Tuesday, 12 January 2016

No Matter What

Let the blue of the Waters and
The blue of the skies
Mingle and entice!
That love for you won't go away
No matter what you say, it won't go away.

Let the black of Outer Space and
the white of Stars switch places,
Black and White!
That love for you won't go away
No matter what you do, it won't go away.

If Stars fell to become jewels,
That love for you won't go away
No matter what you do, it won't go away



Thursday, 24 December 2015

Oncoming

Drums beat
Drums roll

War on the horizon
The Seas roar
The Skies furore
the Ground shatters
the Wind clatters

The walls of the Fort shake
The heart of the Warrior shatters.

The might of the Oncoming,
The courage in Their stride.
The sharpness of Their eye
Their habit to inflict.


Nothing to stop them;
An endless deluge
Nothing to stop them.

Swords and stones
Bows and Bones;
Helpless, they tremble.

The Land taken,
The Waters in turmoil,
The Skies darken,
The Wind, runs away in foil.

Moment by moment,
Closer and closer,
The walk is not for much longer.


Monday, 2 November 2015

The Kid Saved the World!

"Kids are funny little things, eh?"

Indeed, friend of mine, they are!
Who else can be so, so... kidlike?! So, amazingly kidlike!


It was an unusual day, considering how 'outings' had been going; or how they hadn't been going. It was the first outing in weeks! Although, for some reason, which I am absolutely sure of, I did not feel like going out. I ended up going out, anyway.

There was a nagging feeling at the back of my head: a constant worry that I was not able to place my finger on. Three of my best friends were my company and yet, peaceful thought and cheerful smiles seemed to be distant. Not unreachable, just distant!

That evening, there were doughnuts and pasta and Vada Pavs; if you leave the pasta out, the other two should have lessened the distance by a lot! That belief seemed like a mirage. The constant worry persisted, undaunted, unaffected.

We walked to this shop, nearby. It was a tiny shop selling toys, stationary and plastics. While the three of them looked at the things to buy, I walked to a side and looked at all the toys in the basket. I recognized some of them- remade and given a more modern design and effect. There were days when I played with their prototype models. Those were the days when constant worries were about toys, ice-creams and chocolates that would only reach me if the parents nodded their heads up and down. That day, the constant worry was about something I didn't even know. The mysteries of time? The strangeness of foreign lands? The unfamiliarity of new faces? No idea!

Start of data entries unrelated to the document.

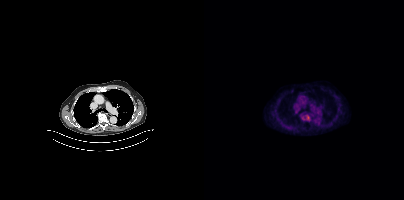
Coordinates are on the 200×200 PET (right) panel. (showing 1 of 2 foci) PSMA-avid tumor lesion bounding box (x0, y0)-(x1, y1): (103, 115)-(105, 119).
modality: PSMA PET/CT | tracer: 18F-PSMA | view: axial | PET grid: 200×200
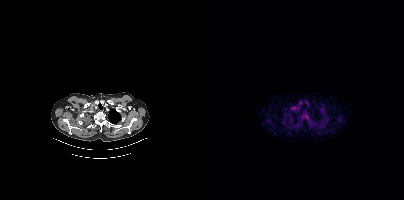
Coordinates are on the 200×200 PET (right) panel. (showing 1 of 4 foci) PSMA-avid tumor lesion bounding box (x0, y0)-(x1, y1): (97, 113)-(104, 119).
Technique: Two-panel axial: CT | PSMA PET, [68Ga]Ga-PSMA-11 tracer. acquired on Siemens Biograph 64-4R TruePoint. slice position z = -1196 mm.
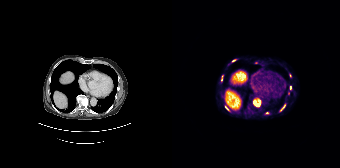
Findings: Coordinates are on the 168×168 PET (right) panel. (showing 9 of 10 foci) PSMA-avid tumor lesion bounding boxes (x, y, width, height): x=81 y=100 w=8 h=7 / x=108 y=104 w=6 h=8 / x=53 y=106 w=4 h=5 / x=49 y=76 w=2 h=6. Small PSMA-avid foci (2 to 4 px across) near (center x, center y): (118, 87) / (84, 62) / (95, 112) / (116, 93) / (61, 60).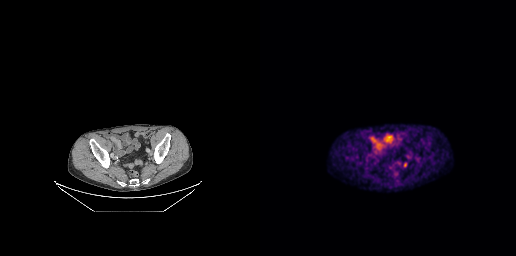
Coordinates are on the 256×256 PET (right) panel. PSMA-avid tumor lesion bounding box (x0,y0,x1,y1): [143,162,147,167].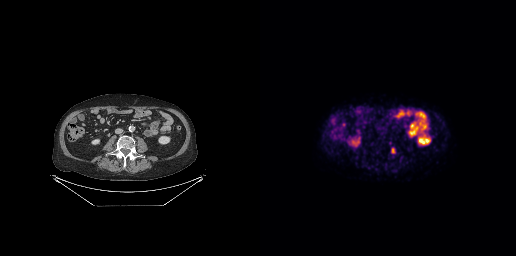
{"modality":"PSMA PET/CT","view":"axial","tracer":"18F-PSMA","pet_grid":[256,256],"coord_frame":"pet_panel","coord_format":"x0,y0,x1,y1","lesion_bboxes":[[131,147,135,153]]}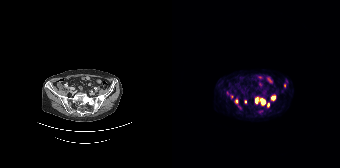
modality: PSMA PET/CT | tracer: [68Ga]Ga-PSMA-11 | view: axial
Coordinates are on the 168×168 PET (right) panel. (showing 7 of 8 foci) PSMA-avid tumor lesion bounding boxes (x, y, width, height): x=89 y=99 w=5 h=6 | x=99 y=96 w=5 h=4 | x=83 y=98 w=3 h=6. Small PSMA-avid foci (2 to 4 px across) near (center x, center y): (64, 101) | (96, 104) | (73, 101) | (112, 85).
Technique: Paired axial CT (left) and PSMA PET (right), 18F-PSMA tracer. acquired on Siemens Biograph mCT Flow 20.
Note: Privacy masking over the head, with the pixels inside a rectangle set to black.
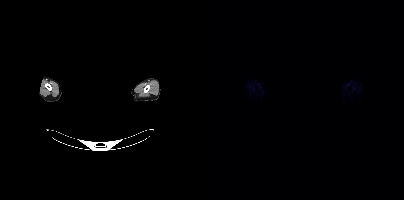
Findings: Negative for PSMA-avid disease on this slice.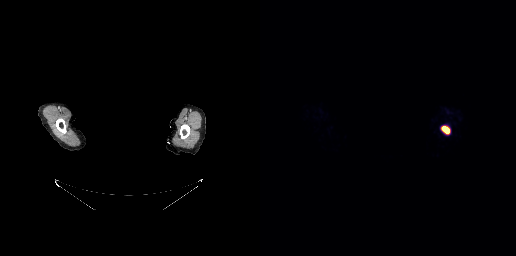
An anonymization step blacked out a rectangle over the head in this scan. Left: CT. Right: PSMA PET, same axial level, 68Ga tracer. Coordinates are on the 256×256 PET (right) panel. PSMA-avid tumor lesion bounding box (x0,y0,x1,y1): [182,126,189,133].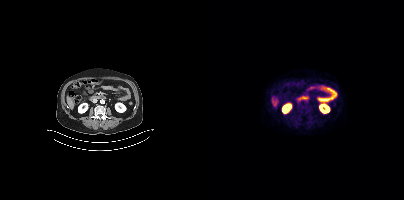
Only PSMA-avid lesion pieces thinner than 2 px on this slice (not listed).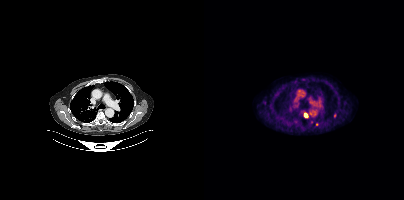
Technique: Paired axial CT (left) and PSMA PET (right), 18F-PSMA tracer. slice position z = -314 mm.
Findings: Coordinates are on the 200×200 PET (right) panel. PSMA-avid tumor lesion bounding box (x, y, width, height): x=100 y=112 w=5 h=6. Small PSMA-avid foci (2 to 4 px across) near (center x, center y): (130, 115) / (112, 124).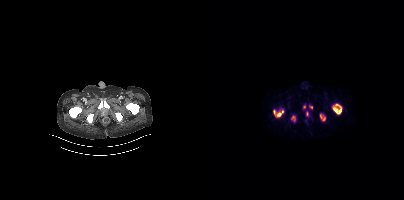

The other three had begun to walk out of the shop; they bought a bottle. As I turned, a kid, no more than three or four years ran into the shop and stopped right in front of me. He looked this way and that and it seemed like he had found what he was looking for. The kid was like the glow of a firefly, serene and graceful! He looked right into my eyes and threw his hands up. I understood this gesture, picked him up and held him in my hand. As soon as he got into my arms, he looked away. His eyes turned towards the thing he was looking for: that squeaky ball in a basket he was not able to reach. I took him closer to the basket. He took a ball into his hand and observed it like a miner observing a freshly unearthed gem. The kid had no worries.

His mother came along, seconds later and she saw him in my arms, holding a ball in his hand. She laughed and asked the kid to say thank you. The kid replied "thnkoo" without even bothering to look at me. His eyes were made for the ball. Then, his mother said, "Put him down. There is no other way he is going to get off" and smiled at him. I put him down and walked away, with a smile.

The worries were now distant and the smiles were hugging me. The kid had shown me something I had never observed, before. He showed me innocence in ignorance and arrogance. He told me that the world would end if he did not look at the ball the way he did. I heard what I had to. 

There was innocence in his ignorance and arrogance. The world would have ended, that day, if the kid had not looked at the ball the way he did.    

Wednesday, 7 October 2015

Inkblot

Poor beginning, poor childhood,
Poor learning, poor adulthood.

This is the life of our Typist. He never had much at any time in his life. His childhood was a car made of plastic bottles and their plastic caps, his teenage was a fictitious movie made from a movie poster and his adulthood was a tiny, dark house and an old typewriter. His earning, on the best of days, was 50 rupees.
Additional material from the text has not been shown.